ASSIGNED TASK
Below are the records; copy each line in which "dead" occurs.

[Source data]
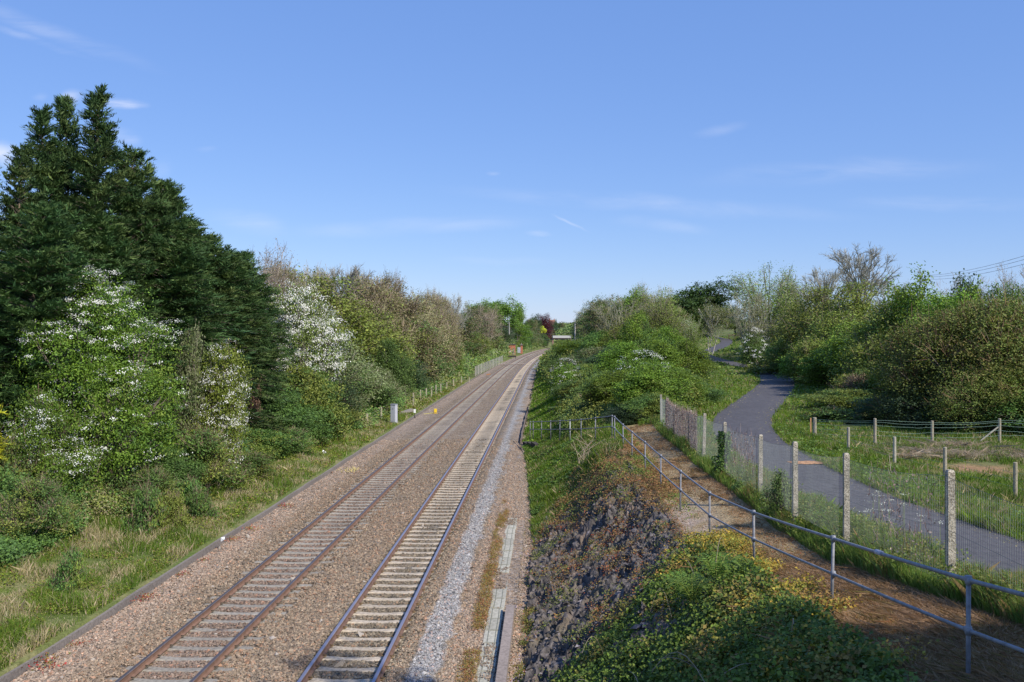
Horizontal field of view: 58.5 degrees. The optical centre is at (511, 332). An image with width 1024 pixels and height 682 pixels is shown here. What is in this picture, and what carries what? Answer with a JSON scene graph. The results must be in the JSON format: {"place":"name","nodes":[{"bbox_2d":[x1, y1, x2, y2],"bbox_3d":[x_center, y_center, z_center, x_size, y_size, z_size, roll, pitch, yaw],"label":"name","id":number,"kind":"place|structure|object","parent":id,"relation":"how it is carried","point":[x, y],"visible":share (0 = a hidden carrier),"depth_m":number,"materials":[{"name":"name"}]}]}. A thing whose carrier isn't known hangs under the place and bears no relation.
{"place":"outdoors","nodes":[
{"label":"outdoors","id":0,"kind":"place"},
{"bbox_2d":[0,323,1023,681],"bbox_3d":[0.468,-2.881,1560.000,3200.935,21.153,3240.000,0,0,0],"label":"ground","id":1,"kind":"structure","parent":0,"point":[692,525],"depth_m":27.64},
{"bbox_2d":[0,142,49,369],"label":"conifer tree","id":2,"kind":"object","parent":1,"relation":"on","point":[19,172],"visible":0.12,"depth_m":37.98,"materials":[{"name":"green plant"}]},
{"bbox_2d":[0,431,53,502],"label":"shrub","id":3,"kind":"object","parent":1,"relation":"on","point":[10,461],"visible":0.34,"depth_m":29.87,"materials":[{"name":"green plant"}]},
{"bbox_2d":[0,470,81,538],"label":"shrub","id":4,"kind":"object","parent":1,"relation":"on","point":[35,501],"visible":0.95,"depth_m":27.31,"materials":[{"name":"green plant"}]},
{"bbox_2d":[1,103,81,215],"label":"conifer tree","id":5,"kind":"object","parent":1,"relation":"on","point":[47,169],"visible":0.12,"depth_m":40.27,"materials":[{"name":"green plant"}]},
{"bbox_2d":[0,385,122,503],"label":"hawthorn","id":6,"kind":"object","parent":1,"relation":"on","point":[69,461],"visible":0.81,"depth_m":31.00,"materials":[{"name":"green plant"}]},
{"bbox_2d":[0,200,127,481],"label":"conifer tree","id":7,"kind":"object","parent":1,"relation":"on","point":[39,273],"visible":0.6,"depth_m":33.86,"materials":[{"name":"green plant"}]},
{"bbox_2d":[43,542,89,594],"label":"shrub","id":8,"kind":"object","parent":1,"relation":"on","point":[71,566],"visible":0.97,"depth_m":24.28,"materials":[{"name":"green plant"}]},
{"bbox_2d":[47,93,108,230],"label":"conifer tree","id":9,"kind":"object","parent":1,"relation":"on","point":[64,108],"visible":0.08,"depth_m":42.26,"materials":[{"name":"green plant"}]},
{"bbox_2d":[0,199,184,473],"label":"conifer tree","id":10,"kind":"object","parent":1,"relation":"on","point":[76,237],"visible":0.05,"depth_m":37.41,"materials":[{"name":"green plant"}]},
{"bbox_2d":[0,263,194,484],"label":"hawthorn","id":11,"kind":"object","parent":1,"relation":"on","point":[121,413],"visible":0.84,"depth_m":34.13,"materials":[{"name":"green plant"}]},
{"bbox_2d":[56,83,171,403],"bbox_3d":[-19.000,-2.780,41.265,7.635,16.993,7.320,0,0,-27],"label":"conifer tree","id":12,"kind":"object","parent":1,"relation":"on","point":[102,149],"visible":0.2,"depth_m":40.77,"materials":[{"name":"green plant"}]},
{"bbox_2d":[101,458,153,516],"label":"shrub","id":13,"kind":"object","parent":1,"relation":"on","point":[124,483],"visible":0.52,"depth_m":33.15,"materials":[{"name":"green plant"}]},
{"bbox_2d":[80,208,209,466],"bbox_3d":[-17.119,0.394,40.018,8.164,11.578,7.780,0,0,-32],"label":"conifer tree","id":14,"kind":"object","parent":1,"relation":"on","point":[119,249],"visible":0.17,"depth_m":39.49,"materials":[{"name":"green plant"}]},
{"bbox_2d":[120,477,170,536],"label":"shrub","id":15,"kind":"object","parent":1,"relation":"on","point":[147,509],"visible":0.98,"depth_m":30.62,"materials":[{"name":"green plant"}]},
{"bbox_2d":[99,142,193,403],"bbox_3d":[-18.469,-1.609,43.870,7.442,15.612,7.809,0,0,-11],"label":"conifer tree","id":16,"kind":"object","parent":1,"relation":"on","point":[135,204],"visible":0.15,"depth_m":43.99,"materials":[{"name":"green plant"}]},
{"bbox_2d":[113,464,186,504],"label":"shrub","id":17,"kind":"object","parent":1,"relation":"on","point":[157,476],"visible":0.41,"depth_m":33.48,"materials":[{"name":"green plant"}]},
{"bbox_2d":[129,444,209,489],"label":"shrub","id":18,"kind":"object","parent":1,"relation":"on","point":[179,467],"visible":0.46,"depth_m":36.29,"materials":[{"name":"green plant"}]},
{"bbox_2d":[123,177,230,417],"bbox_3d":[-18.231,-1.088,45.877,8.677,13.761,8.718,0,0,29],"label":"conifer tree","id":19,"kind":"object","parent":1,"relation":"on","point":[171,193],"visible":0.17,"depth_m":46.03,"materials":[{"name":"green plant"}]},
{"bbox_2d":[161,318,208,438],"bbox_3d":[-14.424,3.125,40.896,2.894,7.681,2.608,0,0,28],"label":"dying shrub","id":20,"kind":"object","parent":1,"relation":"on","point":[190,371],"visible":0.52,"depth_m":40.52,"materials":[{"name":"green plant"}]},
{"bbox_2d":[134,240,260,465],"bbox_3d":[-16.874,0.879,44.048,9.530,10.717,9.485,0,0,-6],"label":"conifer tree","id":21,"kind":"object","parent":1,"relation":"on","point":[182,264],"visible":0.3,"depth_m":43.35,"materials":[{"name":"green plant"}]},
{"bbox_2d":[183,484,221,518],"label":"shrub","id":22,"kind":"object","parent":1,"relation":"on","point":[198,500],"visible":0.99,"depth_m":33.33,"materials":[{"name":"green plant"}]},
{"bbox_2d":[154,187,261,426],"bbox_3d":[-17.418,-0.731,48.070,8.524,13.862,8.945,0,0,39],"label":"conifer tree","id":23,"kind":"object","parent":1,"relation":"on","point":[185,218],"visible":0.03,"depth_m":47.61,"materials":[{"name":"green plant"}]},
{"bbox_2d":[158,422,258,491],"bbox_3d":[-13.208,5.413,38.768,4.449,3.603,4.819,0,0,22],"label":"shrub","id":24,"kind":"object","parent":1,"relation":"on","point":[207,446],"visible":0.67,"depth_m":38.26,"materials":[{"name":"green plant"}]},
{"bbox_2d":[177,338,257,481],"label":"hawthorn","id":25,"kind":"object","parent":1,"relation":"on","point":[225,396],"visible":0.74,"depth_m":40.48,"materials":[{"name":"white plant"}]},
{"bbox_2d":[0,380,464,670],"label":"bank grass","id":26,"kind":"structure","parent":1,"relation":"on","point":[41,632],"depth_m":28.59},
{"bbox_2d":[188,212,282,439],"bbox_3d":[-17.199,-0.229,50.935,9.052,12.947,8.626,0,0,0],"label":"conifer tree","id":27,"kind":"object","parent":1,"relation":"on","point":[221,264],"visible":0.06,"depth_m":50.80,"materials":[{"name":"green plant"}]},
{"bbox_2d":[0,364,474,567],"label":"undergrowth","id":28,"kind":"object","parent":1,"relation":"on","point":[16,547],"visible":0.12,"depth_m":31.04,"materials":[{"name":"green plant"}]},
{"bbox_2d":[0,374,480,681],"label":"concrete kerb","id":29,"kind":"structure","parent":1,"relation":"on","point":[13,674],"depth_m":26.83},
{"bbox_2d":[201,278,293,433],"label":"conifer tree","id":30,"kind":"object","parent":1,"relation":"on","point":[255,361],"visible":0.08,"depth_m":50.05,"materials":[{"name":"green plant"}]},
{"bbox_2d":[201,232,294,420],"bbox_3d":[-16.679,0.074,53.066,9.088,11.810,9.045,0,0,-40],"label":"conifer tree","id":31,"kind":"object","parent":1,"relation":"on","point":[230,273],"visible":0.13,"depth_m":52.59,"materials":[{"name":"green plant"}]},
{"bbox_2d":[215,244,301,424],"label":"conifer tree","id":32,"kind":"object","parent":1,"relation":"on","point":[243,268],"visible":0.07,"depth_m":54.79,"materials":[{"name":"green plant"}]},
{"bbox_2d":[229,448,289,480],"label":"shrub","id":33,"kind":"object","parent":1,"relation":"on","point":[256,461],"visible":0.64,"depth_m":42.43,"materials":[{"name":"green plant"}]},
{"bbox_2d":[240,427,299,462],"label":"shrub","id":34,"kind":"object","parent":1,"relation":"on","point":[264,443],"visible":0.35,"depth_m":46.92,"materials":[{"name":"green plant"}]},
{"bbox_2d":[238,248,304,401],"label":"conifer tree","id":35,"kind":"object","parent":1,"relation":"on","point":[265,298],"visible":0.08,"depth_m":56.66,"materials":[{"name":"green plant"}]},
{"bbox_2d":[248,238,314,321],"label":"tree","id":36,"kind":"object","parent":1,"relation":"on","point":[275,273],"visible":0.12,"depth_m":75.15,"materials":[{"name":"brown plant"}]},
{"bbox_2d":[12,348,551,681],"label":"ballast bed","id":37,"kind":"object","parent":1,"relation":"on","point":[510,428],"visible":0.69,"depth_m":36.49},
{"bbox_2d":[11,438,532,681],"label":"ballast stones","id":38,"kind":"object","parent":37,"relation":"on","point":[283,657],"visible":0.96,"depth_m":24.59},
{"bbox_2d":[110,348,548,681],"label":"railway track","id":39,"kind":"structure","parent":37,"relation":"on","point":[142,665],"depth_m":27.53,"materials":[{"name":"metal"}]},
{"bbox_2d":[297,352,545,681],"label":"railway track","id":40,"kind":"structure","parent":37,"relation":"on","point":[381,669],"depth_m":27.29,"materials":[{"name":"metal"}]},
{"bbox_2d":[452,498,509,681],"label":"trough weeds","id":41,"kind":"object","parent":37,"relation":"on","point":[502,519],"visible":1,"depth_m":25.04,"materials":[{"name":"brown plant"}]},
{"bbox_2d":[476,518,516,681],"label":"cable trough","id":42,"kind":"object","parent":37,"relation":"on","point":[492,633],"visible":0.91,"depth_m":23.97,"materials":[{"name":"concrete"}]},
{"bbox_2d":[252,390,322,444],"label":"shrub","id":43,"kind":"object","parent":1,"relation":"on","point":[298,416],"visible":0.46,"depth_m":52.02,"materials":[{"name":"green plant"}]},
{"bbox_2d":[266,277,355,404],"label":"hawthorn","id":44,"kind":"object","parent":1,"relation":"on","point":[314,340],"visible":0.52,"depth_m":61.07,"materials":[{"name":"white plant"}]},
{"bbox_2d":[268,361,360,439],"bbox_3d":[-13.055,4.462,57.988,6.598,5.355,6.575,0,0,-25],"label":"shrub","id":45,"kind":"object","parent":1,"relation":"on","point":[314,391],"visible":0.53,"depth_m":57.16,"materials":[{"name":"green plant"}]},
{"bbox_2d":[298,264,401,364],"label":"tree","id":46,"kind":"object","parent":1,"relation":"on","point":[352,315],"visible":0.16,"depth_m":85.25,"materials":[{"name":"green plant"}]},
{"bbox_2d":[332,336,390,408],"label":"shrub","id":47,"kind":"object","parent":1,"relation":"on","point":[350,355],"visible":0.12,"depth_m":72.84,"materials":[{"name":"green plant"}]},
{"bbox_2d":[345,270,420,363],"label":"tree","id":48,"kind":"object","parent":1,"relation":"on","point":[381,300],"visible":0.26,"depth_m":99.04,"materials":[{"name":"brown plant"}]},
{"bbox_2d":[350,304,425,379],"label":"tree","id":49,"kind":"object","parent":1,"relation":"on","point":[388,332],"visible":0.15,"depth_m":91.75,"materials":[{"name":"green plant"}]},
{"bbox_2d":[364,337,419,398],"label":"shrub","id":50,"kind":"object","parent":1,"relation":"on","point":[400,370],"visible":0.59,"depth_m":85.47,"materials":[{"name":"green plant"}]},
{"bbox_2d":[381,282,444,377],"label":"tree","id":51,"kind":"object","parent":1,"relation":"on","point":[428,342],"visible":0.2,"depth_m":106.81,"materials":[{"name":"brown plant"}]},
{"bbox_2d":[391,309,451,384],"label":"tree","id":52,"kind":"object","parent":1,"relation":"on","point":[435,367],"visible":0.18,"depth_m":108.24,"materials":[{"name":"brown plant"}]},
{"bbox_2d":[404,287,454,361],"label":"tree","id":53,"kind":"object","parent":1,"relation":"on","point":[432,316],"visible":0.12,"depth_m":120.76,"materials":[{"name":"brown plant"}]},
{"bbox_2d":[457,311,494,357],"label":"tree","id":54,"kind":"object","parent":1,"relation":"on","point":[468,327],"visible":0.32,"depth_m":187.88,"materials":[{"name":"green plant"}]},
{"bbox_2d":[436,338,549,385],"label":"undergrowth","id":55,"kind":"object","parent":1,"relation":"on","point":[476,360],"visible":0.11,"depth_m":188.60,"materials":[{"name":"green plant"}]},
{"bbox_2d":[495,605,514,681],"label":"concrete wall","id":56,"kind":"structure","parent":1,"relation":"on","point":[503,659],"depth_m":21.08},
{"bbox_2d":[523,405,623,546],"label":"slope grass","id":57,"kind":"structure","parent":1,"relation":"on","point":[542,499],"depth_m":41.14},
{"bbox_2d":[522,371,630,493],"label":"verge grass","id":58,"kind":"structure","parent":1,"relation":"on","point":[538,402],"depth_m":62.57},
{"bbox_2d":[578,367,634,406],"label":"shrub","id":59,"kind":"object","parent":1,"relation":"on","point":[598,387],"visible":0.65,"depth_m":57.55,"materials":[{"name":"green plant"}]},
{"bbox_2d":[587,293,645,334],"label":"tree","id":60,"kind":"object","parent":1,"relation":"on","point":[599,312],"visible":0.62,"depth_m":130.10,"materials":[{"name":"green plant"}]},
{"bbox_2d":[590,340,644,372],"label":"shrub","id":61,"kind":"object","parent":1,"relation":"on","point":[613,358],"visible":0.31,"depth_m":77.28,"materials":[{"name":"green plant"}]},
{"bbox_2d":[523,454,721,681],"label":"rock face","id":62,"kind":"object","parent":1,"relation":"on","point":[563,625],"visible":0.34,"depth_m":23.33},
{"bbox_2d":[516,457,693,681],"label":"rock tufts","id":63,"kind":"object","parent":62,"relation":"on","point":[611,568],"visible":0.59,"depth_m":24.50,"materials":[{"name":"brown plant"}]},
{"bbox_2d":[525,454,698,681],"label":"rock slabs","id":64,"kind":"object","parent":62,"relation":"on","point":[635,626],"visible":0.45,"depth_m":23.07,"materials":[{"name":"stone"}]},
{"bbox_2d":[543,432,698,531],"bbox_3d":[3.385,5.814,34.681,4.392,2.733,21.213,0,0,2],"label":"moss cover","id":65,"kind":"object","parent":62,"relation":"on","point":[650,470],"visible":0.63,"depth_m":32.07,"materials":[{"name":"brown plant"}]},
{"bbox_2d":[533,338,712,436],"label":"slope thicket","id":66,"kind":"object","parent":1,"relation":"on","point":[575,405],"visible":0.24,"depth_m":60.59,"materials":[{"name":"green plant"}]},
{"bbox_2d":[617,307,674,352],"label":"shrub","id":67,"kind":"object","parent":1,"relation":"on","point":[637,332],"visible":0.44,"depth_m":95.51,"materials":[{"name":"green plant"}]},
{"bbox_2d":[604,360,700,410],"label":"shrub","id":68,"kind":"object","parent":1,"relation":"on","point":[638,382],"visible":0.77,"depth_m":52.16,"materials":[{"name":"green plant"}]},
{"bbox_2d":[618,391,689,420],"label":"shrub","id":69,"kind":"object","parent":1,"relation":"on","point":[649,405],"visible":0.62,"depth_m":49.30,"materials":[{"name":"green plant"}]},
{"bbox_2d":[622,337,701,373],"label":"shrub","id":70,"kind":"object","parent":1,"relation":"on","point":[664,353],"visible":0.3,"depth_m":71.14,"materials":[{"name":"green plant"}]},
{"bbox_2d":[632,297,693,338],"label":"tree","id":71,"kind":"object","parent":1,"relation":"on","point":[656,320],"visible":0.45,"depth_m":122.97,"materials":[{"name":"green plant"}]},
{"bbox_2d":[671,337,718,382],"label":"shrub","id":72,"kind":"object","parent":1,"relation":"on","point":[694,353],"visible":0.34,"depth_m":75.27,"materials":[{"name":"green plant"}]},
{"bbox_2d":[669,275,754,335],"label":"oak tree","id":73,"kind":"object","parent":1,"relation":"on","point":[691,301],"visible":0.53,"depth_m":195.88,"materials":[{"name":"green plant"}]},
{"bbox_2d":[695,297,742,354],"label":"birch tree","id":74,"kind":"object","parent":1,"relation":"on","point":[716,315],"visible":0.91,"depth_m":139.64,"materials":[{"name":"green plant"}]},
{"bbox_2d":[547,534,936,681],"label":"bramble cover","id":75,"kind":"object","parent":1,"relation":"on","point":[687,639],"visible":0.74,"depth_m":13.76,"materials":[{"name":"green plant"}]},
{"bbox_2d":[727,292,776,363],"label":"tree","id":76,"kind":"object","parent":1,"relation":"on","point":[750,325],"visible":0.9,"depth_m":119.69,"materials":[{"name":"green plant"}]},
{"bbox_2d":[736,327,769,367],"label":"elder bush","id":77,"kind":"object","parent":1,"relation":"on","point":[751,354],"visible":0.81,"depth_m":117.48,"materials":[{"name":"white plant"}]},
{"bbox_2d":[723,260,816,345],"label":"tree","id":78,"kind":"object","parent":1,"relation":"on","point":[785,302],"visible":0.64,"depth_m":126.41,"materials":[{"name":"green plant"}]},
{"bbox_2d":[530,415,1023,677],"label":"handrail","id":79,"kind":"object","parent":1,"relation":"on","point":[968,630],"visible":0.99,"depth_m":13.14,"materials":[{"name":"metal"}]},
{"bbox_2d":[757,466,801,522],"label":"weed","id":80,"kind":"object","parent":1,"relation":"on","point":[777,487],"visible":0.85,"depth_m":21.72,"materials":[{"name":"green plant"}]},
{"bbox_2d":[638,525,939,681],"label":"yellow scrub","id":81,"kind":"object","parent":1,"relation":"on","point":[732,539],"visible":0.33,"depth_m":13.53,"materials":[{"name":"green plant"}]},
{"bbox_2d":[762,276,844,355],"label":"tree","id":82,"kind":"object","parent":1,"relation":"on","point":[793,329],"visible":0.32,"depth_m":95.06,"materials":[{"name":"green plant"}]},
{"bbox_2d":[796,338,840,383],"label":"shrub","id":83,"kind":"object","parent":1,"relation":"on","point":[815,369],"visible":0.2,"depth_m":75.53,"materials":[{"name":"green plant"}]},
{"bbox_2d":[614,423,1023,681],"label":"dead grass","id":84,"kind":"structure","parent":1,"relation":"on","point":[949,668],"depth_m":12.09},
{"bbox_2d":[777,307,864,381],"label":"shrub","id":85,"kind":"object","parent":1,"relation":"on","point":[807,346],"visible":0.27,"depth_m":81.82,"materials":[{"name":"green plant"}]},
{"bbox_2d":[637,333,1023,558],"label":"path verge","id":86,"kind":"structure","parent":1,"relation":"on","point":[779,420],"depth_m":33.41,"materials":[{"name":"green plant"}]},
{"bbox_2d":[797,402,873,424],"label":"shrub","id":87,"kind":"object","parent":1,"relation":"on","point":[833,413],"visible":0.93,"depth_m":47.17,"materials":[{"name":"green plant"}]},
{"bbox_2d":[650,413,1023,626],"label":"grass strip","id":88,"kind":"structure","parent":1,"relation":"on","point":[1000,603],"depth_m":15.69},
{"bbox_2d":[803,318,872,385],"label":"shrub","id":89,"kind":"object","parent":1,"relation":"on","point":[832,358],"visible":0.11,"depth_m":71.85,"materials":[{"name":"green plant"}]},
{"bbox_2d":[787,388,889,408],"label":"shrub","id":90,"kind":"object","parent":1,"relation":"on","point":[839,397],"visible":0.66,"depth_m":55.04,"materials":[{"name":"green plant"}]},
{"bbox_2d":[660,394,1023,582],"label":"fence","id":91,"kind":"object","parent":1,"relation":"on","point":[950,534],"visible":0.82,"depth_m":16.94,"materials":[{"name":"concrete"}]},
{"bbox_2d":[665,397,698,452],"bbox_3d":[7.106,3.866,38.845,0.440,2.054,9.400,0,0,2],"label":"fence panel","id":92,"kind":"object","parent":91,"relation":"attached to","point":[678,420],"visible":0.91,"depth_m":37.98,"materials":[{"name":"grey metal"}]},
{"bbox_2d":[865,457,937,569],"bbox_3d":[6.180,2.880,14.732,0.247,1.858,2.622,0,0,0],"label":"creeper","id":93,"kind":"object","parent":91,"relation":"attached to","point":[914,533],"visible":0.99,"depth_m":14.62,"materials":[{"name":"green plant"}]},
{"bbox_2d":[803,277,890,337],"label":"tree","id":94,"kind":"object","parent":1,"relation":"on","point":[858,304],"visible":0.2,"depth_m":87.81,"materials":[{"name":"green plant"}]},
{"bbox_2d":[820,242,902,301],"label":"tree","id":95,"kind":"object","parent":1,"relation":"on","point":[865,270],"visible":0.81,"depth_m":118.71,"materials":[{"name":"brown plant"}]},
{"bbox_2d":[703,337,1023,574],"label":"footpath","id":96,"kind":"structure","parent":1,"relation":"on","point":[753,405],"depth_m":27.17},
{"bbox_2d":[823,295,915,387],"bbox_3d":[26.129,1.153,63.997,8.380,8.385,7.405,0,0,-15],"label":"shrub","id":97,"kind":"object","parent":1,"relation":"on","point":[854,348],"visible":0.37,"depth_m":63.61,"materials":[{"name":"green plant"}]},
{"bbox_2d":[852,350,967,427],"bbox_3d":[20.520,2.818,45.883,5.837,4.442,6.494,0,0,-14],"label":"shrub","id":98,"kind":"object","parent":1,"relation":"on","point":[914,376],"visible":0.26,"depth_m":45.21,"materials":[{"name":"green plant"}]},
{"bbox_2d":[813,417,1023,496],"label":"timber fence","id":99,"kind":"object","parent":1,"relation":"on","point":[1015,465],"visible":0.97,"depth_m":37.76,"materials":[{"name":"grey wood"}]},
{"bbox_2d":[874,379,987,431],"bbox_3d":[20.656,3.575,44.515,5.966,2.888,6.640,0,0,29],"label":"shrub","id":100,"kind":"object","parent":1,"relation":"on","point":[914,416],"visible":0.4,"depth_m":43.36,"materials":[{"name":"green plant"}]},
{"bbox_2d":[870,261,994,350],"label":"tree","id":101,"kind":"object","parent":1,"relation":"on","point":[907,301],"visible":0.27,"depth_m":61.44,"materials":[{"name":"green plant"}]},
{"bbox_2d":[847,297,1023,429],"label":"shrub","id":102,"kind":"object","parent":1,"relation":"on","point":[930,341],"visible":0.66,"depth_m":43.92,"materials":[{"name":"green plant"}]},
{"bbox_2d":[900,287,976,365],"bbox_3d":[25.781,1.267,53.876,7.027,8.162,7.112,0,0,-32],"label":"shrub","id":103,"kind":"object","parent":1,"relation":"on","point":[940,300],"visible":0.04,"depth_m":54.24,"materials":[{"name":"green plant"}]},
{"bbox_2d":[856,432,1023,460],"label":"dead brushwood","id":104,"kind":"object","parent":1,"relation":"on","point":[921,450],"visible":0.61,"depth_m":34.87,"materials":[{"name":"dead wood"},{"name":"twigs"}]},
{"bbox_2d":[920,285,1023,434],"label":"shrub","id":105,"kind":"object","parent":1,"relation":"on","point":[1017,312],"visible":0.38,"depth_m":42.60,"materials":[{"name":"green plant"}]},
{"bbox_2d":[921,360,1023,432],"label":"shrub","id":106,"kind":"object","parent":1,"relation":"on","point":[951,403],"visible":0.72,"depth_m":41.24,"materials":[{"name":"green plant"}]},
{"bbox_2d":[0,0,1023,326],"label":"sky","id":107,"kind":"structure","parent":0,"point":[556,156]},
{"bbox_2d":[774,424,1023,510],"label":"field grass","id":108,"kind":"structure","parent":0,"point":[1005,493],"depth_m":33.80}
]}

EXERCISE RESPONSE
{"bbox_2d":[614,423,1023,681],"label":"dead grass","id":84,"kind":"structure","parent":1,"relation":"on","point":[949,668],"depth_m":12.09},
{"bbox_2d":[856,432,1023,460],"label":"dead brushwood","id":104,"kind":"object","parent":1,"relation":"on","point":[921,450],"visible":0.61,"depth_m":34.87,"materials":[{"name":"dead wood"},{"name":"twigs"}]},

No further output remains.